Underlying all this is a generic in-memory cache for re-using results of deterministic functions. Keys are hashes of all the inputs. Values are the outputs, for example, diagnostics and type info.
This might sound a little familiar to you. It's very much like Bazel's action cache, which takes a hash of the command you want to run and all its inputs and hopefully gives you the hash of the outputs. That turns out to be a good analogy: gopls is essentially a fast in-memory build system with a very specific purpose.
Let's take our last step up the stack to the Go extension for VSCode. This is a fairly small one, so I'm just going share some quick facts.
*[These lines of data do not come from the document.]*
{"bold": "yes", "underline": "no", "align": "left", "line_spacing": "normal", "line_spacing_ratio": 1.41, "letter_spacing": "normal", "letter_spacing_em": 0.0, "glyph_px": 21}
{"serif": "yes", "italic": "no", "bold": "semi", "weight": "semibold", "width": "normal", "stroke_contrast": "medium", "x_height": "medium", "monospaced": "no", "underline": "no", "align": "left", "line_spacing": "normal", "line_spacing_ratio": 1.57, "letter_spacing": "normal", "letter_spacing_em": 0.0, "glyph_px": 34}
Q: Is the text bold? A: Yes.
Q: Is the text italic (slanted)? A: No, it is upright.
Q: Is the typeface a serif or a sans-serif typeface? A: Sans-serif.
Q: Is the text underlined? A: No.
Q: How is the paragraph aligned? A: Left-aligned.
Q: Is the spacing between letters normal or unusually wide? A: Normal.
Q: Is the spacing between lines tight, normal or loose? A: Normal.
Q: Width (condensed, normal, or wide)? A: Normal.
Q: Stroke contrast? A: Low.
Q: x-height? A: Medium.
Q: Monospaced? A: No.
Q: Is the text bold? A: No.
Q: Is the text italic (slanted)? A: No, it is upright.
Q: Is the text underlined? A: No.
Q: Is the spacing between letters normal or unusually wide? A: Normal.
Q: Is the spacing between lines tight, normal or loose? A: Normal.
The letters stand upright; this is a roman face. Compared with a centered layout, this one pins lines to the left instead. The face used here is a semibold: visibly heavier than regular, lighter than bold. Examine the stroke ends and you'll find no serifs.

There are lots of editors that use gopls, but I'm picking on VSCode in particular since it's the most popular. IntelliJ / Goland is a close second, but they have their own implementation that's entirely separate. vim is the next most popular, then emacs, then a long tail of others.
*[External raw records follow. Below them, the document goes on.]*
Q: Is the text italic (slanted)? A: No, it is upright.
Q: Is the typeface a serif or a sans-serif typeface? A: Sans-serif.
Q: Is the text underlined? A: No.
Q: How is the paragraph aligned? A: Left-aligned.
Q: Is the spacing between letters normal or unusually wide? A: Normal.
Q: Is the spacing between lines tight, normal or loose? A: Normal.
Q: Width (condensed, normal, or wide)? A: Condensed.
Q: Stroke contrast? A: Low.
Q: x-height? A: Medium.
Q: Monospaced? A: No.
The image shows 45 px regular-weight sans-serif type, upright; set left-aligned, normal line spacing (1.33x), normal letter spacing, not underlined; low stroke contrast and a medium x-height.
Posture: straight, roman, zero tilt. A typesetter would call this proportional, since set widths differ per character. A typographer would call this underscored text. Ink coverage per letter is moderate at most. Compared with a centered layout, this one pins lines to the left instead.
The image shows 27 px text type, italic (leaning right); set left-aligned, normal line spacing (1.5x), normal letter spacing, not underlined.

vscode-go was originally written by people at Microsoft. The Go team worked directly with them during the modules transition, then eventually adopted the project.
Like most VSCode extensions, this one is written all in TypeScript. I've heard it's a great language, but of course the Go team prefers its own. That's good though, since it keeps this layer small and simple.
Mostly the purpose of the Go extension is to integrate into the editor and expose features. It installs and updates gopls and other tools. Provides Go-specific functions and key-bindings. For example, in regular Go workspaces, it has support for modules and can help you update your dependencies.
And that's pretty much it! I hope you found this interesting.
Actually, I hope you are inspired by this talk to improve Bazel editor support, in Go and in other languages. If you work in Go, get involved in open source!
If you work in other languages, please feel free to steal this whole architecture. Making editor support really solid will be a huge step toward making Bazel a useful tool for everyone.
Last thing before I go, I want to thank everyone who worked on this.